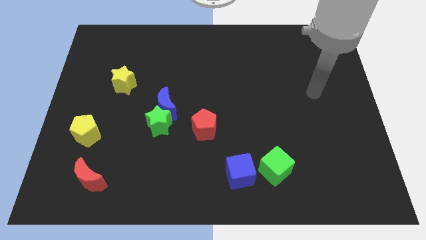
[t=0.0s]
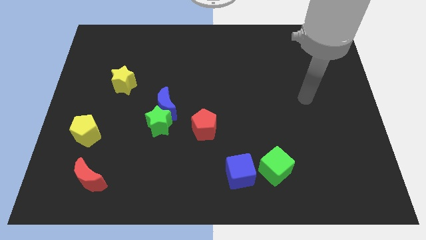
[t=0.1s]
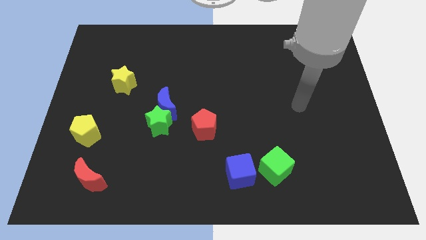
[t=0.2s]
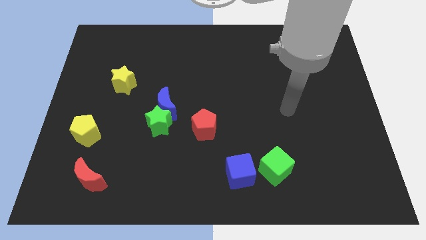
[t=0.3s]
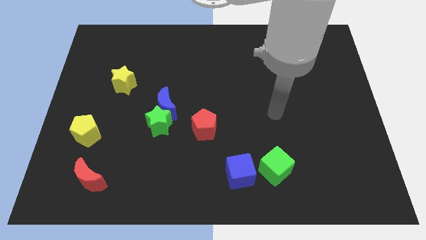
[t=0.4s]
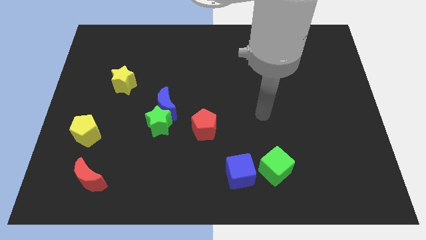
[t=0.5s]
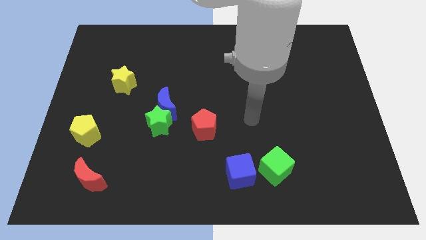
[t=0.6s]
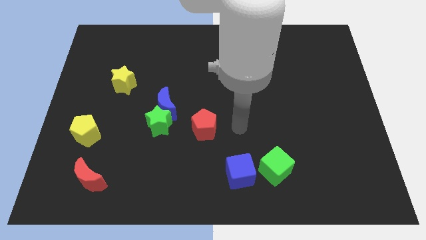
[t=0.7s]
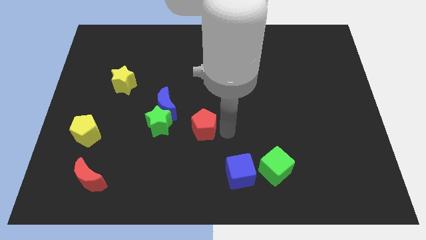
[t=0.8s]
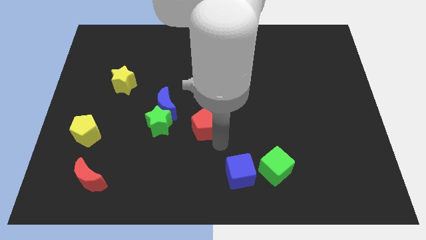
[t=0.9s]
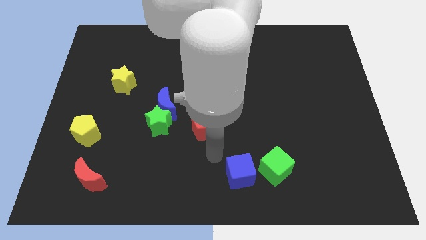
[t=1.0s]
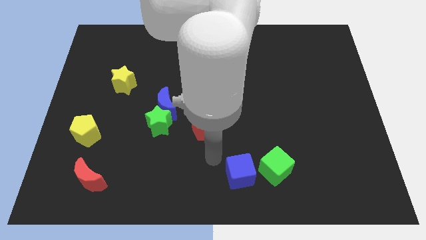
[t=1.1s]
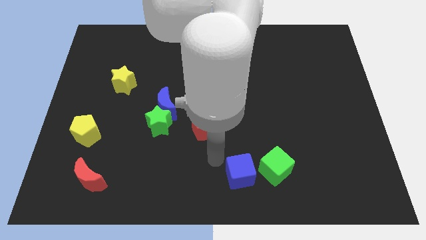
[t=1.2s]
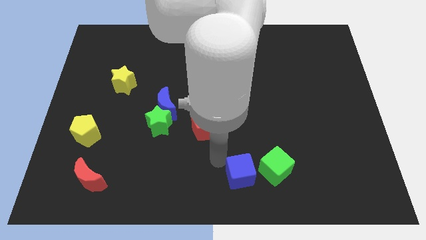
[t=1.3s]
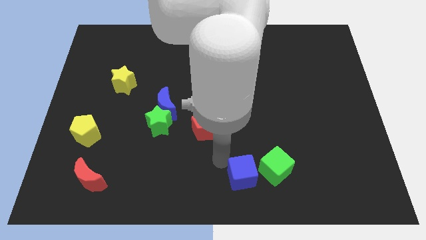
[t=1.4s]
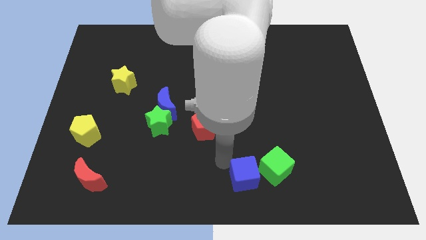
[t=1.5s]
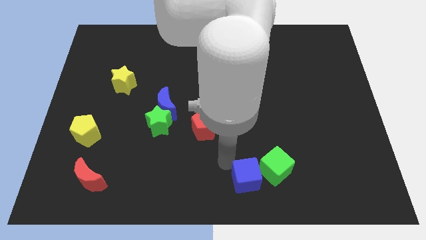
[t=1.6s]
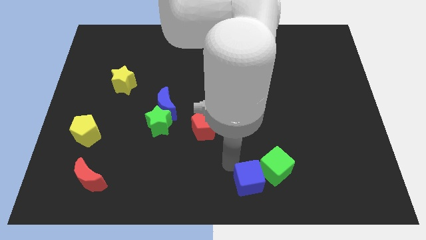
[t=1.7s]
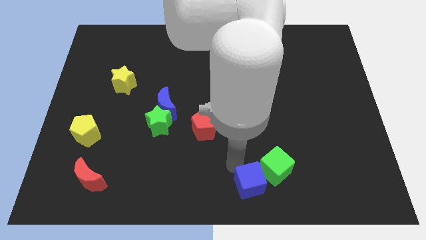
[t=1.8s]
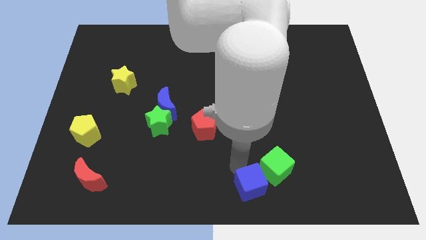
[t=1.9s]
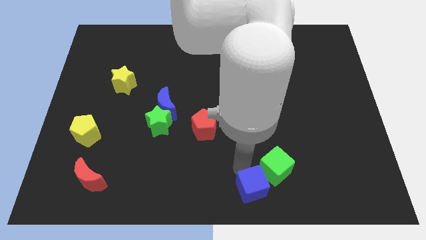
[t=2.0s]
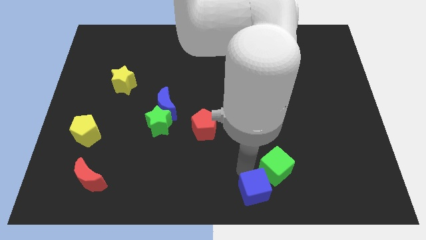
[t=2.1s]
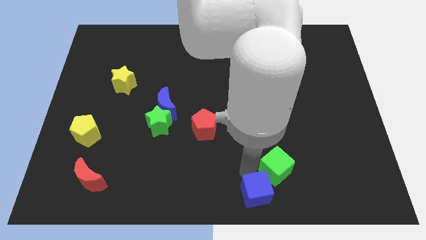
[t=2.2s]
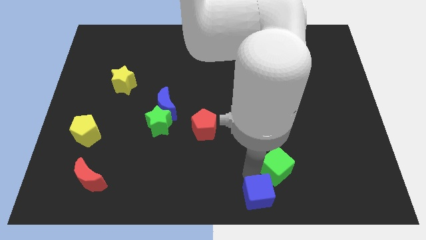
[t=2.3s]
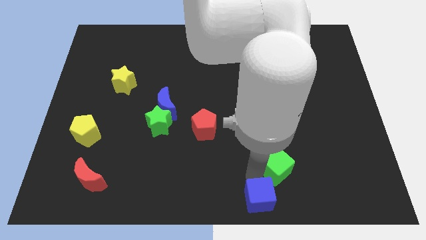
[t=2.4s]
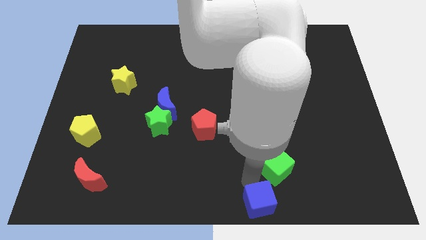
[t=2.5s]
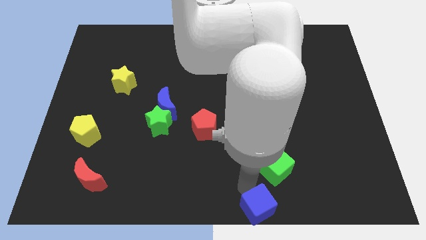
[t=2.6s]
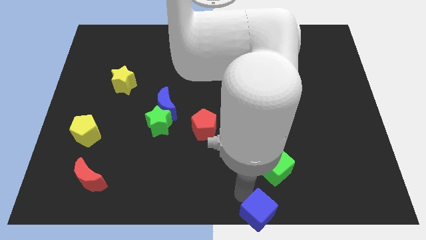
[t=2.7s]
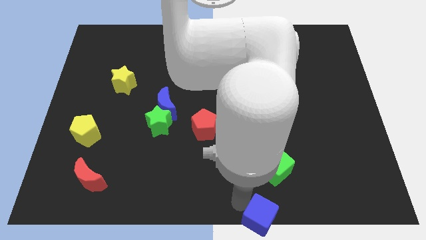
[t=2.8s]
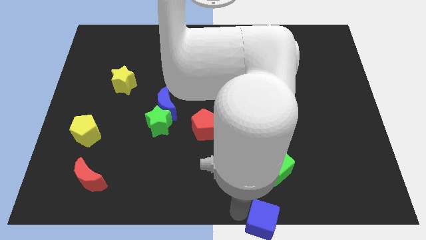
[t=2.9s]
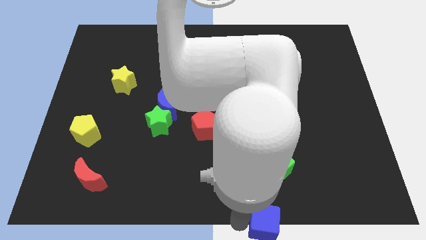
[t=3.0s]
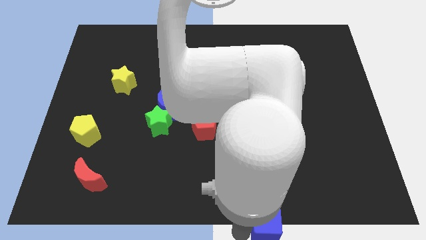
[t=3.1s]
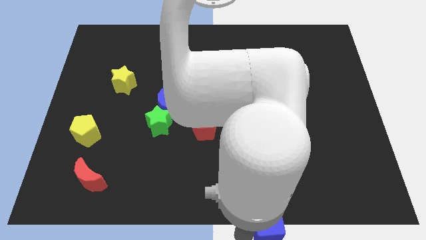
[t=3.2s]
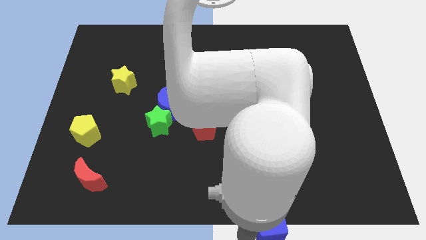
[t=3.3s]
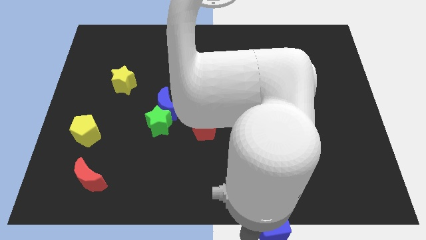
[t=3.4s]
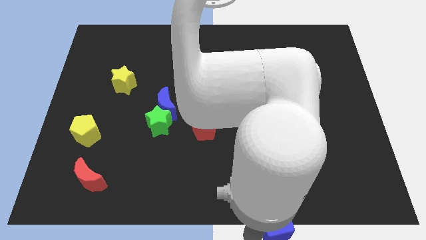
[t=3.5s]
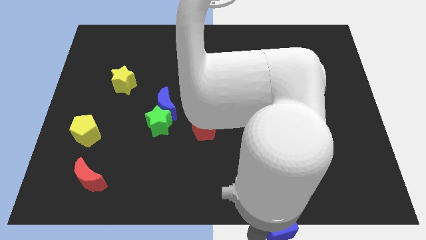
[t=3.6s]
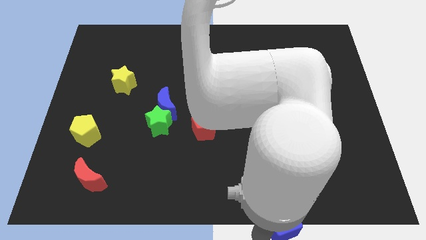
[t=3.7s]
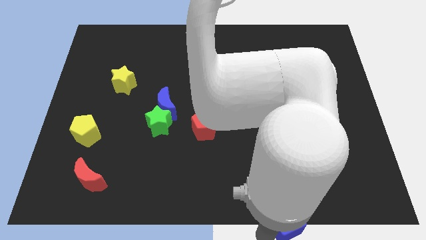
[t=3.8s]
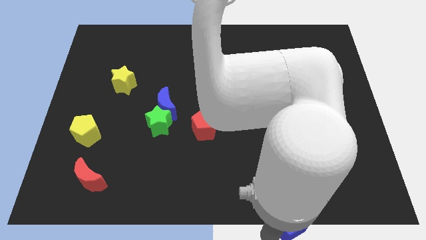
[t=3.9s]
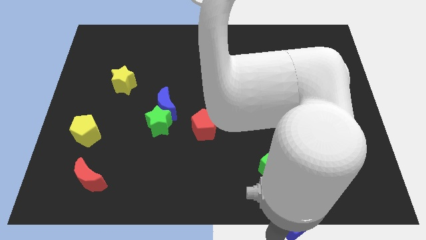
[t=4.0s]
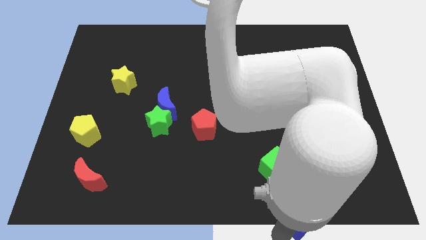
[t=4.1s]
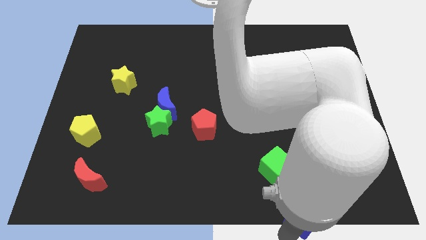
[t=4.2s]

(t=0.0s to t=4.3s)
move the blue cube to the right a bit

========================================================================

• [What the task requires] All entries need to be duplicated exactly, apart from the images.

• [Result of this exercise]
[t=0.0s]
[t=0.1s]
[t=0.2s]
[t=0.3s]
[t=0.4s]
[t=0.5s]
[t=0.6s]
[t=0.7s]
[t=0.8s]
[t=0.9s]
[t=1.0s]
[t=1.1s]
[t=1.2s]
[t=1.3s]
[t=1.4s]
[t=1.5s]
[t=1.6s]
[t=1.7s]
[t=1.8s]
[t=1.9s]
[t=2.0s]
[t=2.1s]
[t=2.2s]
[t=2.3s]
[t=2.4s]
[t=2.5s]
[t=2.6s]
[t=2.7s]
[t=2.8s]
[t=2.9s]
[t=3.0s]
[t=3.1s]
[t=3.2s]
[t=3.3s]
[t=3.4s]
[t=3.5s]
[t=3.6s]
[t=3.7s]
[t=3.8s]
[t=3.9s]
[t=4.0s]
[t=4.1s]
[t=4.2s]

(t=0.0s to t=4.3s)
move the blue cube to the right a bit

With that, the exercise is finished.